**Goal of the exercise**:
Reproduce the entries below, please. Keep every character the same.

**Data supplied**:

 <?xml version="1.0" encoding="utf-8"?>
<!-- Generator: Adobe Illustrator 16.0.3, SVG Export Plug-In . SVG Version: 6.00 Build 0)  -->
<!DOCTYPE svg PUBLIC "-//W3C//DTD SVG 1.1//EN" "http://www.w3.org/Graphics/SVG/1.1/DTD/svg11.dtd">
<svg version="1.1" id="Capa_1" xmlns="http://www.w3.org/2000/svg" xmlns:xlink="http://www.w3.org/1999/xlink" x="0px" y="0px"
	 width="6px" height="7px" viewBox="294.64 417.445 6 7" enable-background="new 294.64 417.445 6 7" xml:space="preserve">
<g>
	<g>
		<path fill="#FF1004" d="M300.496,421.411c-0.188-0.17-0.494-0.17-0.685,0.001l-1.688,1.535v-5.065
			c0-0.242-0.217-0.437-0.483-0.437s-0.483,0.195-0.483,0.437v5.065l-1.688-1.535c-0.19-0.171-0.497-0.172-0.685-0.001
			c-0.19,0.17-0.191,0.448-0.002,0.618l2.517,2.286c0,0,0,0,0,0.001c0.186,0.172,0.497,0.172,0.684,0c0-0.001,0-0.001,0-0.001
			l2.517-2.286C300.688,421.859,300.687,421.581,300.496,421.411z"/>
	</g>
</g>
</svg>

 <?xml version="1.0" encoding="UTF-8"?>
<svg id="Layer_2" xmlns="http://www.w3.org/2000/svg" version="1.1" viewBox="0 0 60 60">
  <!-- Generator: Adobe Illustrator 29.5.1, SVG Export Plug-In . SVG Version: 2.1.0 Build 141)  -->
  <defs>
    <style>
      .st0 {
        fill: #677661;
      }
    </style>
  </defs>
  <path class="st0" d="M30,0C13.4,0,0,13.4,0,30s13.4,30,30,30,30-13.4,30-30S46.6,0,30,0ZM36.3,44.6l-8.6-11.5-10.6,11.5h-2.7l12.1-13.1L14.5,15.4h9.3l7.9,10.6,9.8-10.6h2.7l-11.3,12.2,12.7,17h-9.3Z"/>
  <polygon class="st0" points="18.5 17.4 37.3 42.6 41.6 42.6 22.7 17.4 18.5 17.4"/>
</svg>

**Solution for this exercise**:
 <?xml version="1.0" encoding="utf-8"?>
<!-- Generator: Adobe Illustrator 16.0.3, SVG Export Plug-In . SVG Version: 6.00 Build 0)  -->
<!DOCTYPE svg PUBLIC "-//W3C//DTD SVG 1.1//EN" "http://www.w3.org/Graphics/SVG/1.1/DTD/svg11.dtd">
<svg version="1.1" id="Capa_1" xmlns="http://www.w3.org/2000/svg" xmlns:xlink="http://www.w3.org/1999/xlink" x="0px" y="0px"
	 width="6px" height="7px" viewBox="294.64 417.445 6 7" enable-background="new 294.64 417.445 6 7" xml:space="preserve">
<g>
	<g>
		<path fill="#FF1004" d="M300.496,421.411c-0.188-0.17-0.494-0.17-0.685,0.001l-1.688,1.535v-5.065
			c0-0.242-0.217-0.437-0.483-0.437s-0.483,0.195-0.483,0.437v5.065l-1.688-1.535c-0.19-0.171-0.497-0.172-0.685-0.001
			c-0.19,0.17-0.191,0.448-0.002,0.618l2.517,2.286c0,0,0,0,0,0.001c0.186,0.172,0.497,0.172,0.684,0c0-0.001,0-0.001,0-0.001
			l2.517-2.286C300.688,421.859,300.687,421.581,300.496,421.411z"/>
	</g>
</g>
</svg>

 <?xml version="1.0" encoding="UTF-8"?>
<svg id="Layer_2" xmlns="http://www.w3.org/2000/svg" version="1.1" viewBox="0 0 60 60">
  <!-- Generator: Adobe Illustrator 29.5.1, SVG Export Plug-In . SVG Version: 2.1.0 Build 141)  -->
  <defs>
    <style>
      .st0 {
        fill: #677661;
      }
    </style>
  </defs>
  <path class="st0" d="M30,0C13.4,0,0,13.4,0,30s13.4,30,30,30,30-13.4,30-30S46.6,0,30,0ZM36.3,44.6l-8.6-11.5-10.6,11.5h-2.7l12.1-13.1L14.5,15.4h9.3l7.9,10.6,9.8-10.6h2.7l-11.3,12.2,12.7,17h-9.3Z"/>
  <polygon class="st0" points="18.5 17.4 37.3 42.6 41.6 42.6 22.7 17.4 18.5 17.4"/>
</svg>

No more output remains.